Tale rito, introdotto nel 2014 modulando la probation già disciplinata nel processo minorile, prevede la possibilità di richiedere appunto la sospensione del procedimento al fine di effettuare, contestualmente a tale periodo, delle condotte volte all’eliminazione delle conseguenze dannose o pericolose derivanti dal reato, nonché di risarcire ove possibile il danno cagionato e svolgere attività di rilievo sociale, secondo uno specifico programma elaborato in collaborazione con i servizi sociali e specifiche strutture.

 

Tuttavia, l’assenza di qualsivoglia riferimento agli enti nelle disposizioni che regolano tale istituto, sebbene introdotto successivamente al d. lgs. 8 giugno 2001 n. 231 di disciplina della responsabilità amministrativa da reato dell’ente, ha introdotto la questione della sua applicabilità o non al procedimento ex d. lgs. 231, facendo registrare divergenti posizioni giurisprudenziali di merito e di legittimità.

 

Un primo orientamento giurisprudenziale (Tribunale Modena 19.10.2020; Tribunale Bari 22.06.2022; Tribunale Trento, 18.12.2019), costituito da pronunce favorevoli, sostanzialmente operava un’interpretazione estensiva ovvero analogica della messa alla prova nei confronti degli enti, ritenendone la disciplina pienamente compatibile per struttura e finalità.

 

In particolare, le argomentazioni a supporto di tale interpretazione sono rappresentate:

  • dalla possibilità di riconoscere in capo all’ente un giudizio positivo circa la futura rieducazione – finalità primaria della messa alla prova – dimostrato dalla circostanza che l’adozione di un modello organizzativo prima della commissione del fatto che, sebbene ritenuto inidoneo ad evitare il reato, sarebbe comunque indicativo di diligenza;
  • dalla circostanza che, generando effetti favorevoli per l’ente, l’applicazione in parola non violerebbe il principio di tassatività e riserva di legge penale.

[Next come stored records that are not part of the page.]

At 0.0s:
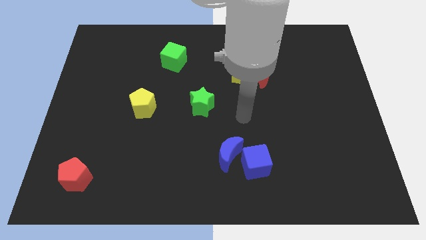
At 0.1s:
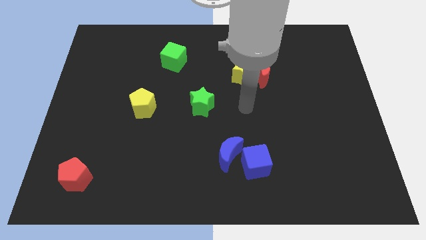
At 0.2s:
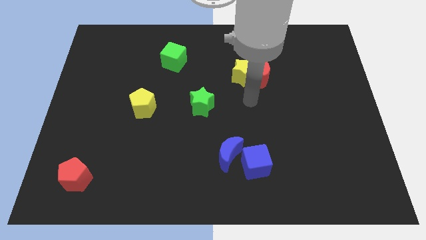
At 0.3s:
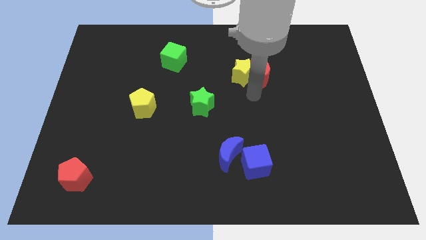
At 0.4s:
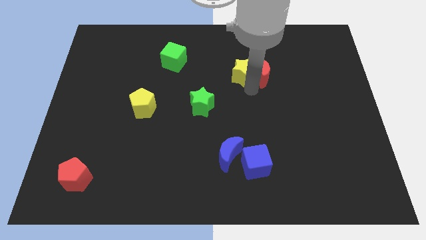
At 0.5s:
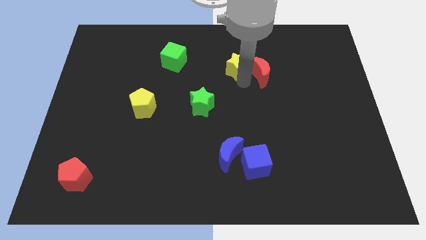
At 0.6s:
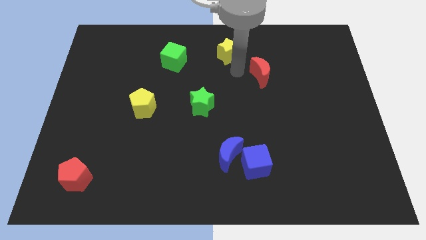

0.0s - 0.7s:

La corrente negativa all’ammissione dell’ente alla prova (Tribunale Spoleto 21.04.2021; Tribunale Bologna 10.12.2020; Tribunale Milano 27.03.2017), al contrario, faceva leva sulle seguenti motivazioni:

  • la disciplina ex art 168 bisp. non è applicabile ai casi non espressamente previsti, in ossequio al principio di riserva di legge;
  • manca una norma di coordinamento tra la disciplina della responsabilità da reato dell’ente e la disciplina della messa alla prova, che sarebbe da interpretare come una precisa volontà del legislatore, il quale avrebbe intenzionalmente scelto di escludere l’ente dall’ambito soggettivo di applicazione;
  • i due istituti sarebbero incompatibili in quanto la messa alla prova è strutturata sulla figura dell’imputato persona fisica in ottica non solamente special preventiva, ma soprattutto rieducativa;
  • mancherebbero nella disciplina degli enti indicazioni circa l’ambito di applicazione e i requisiti oggettivi di ammissibilità, previsti solo dall’art. 168 bis c.p. in relazione all’imputato persona fisica (ad esempio, la previsione di non aver già usufruito di tale rito in precedenza, l’applicabilità a determinate categorie di reato).

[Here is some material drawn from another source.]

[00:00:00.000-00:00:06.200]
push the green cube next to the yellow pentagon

La pronuncia delle Sezioni Unite, in particolare, aderisce al restrittivo orientamento, escludendo l’applicabilità della messa alla prova nei confronti dell’ente sulla base di una precisa considerazione, ossia ritenendo che l’attuazione della stessa a categorie di soggetti non espressamente contemplati dalla legge quali suoi destinatari è in contrasto con il principio della riserva di legge ex all’art. 25 comma II della Costituzione, non potendo sopperire a tale indicazione l’analogia in bonam partem, né l’interpretazione estensiva.

 

In secondo luogo, l’inapplicabilità deriverebbe dalla considerazione che la messa alla prova ha natura sanzionatoria penale (secondo quanto ribadito anche dalla giurisprudenza costituzionale) e non potrebbe trovare applicazione verso gli enti che, invece, non possono essere destinatari di precetti penali. 

Tags

Cosa ne pensi?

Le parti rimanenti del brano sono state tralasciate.